Gillespie is a freelance hair and make-up artist, and said she ends up in a lot of people’s pre-wedding photos.

“I am in the public eye,” she said. “It was difficult for me, being in photos. I would see myself the way I was, and now I am not ashamed to be in someone’s photos.”

Gillespie said she knows she didn’t gain all her weight overnight, and she won’t gain it back from one meal.

“I try to take my energy and put it into a positive light, instead of filling my mouth full of stuff,” she said. “For a long time, that is what I did, and everywhere you go, there is food. So when I am at parties, I stay away from the food table.”

Gillespie said she drinks plenty of water, and avoids pop and sugary drinks.

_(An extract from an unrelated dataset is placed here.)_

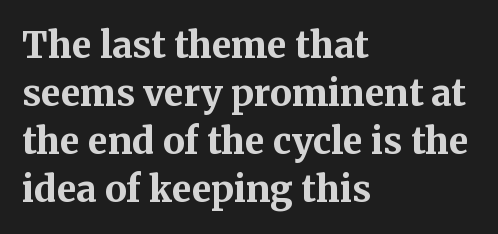
Plenty of ink on the page — the face is bold. Style check: upright. Between one letter and the next there's only the usual sliver of space. Proportional: the letters do not fall into vertical columns.
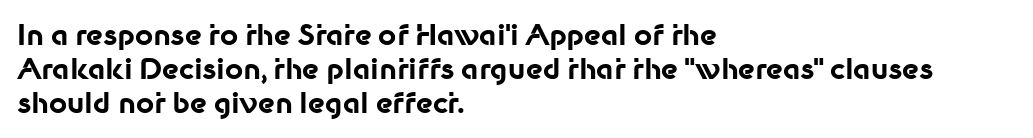
Proportional: the letters do not fall into vertical columns. The type sits square on the baseline with zero lean. Reading down the block, your eye returns to a fixed left position each line. Just letters on the line, the space beneath them empty. Nobody touched the tracking dial on this one.
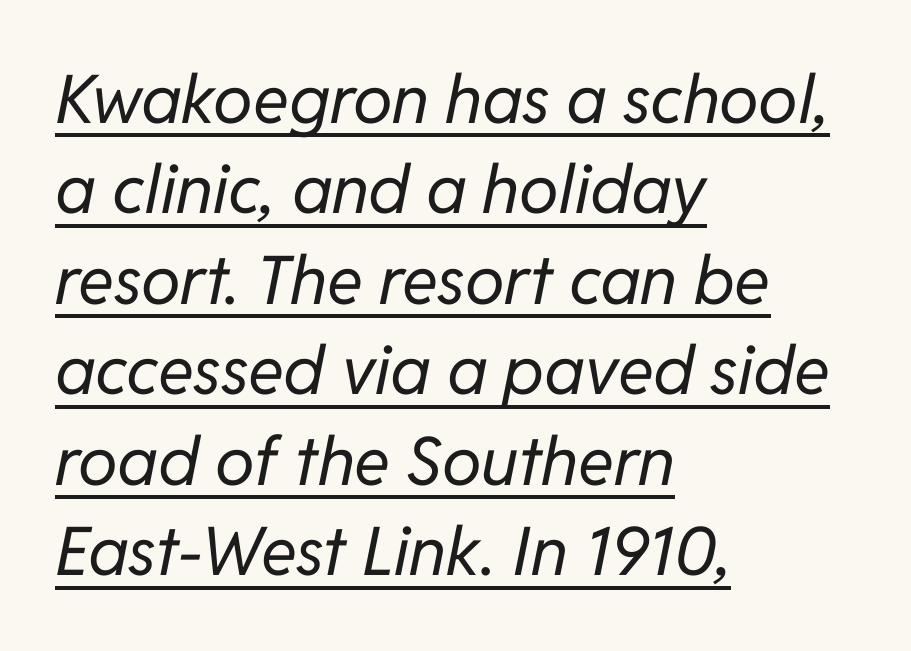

“I changed my whole life,” she said. “When you change your life in a positive, healthy way, you have more energy.”

Gillespie said buying clothes used to be traumatic.

“I remember I would go to buy clothes, and I would just cry in the dressing room and leave with nothing,” she said. “I hid myself. I wasn’t proud of what I was doing, but I couldn’t stop.”

Gillespie said that in some ways, keeping weight off is harder than losing it.

“People think once they have lost it, that’s it, it is never coming back,” she said. “No — you have to work at it forever.”

Gillespie said she hopes she can help motivate others.

“Life gets in the way,” she said. “We just need to find different ways to handle stress and emotions instead of eating it.”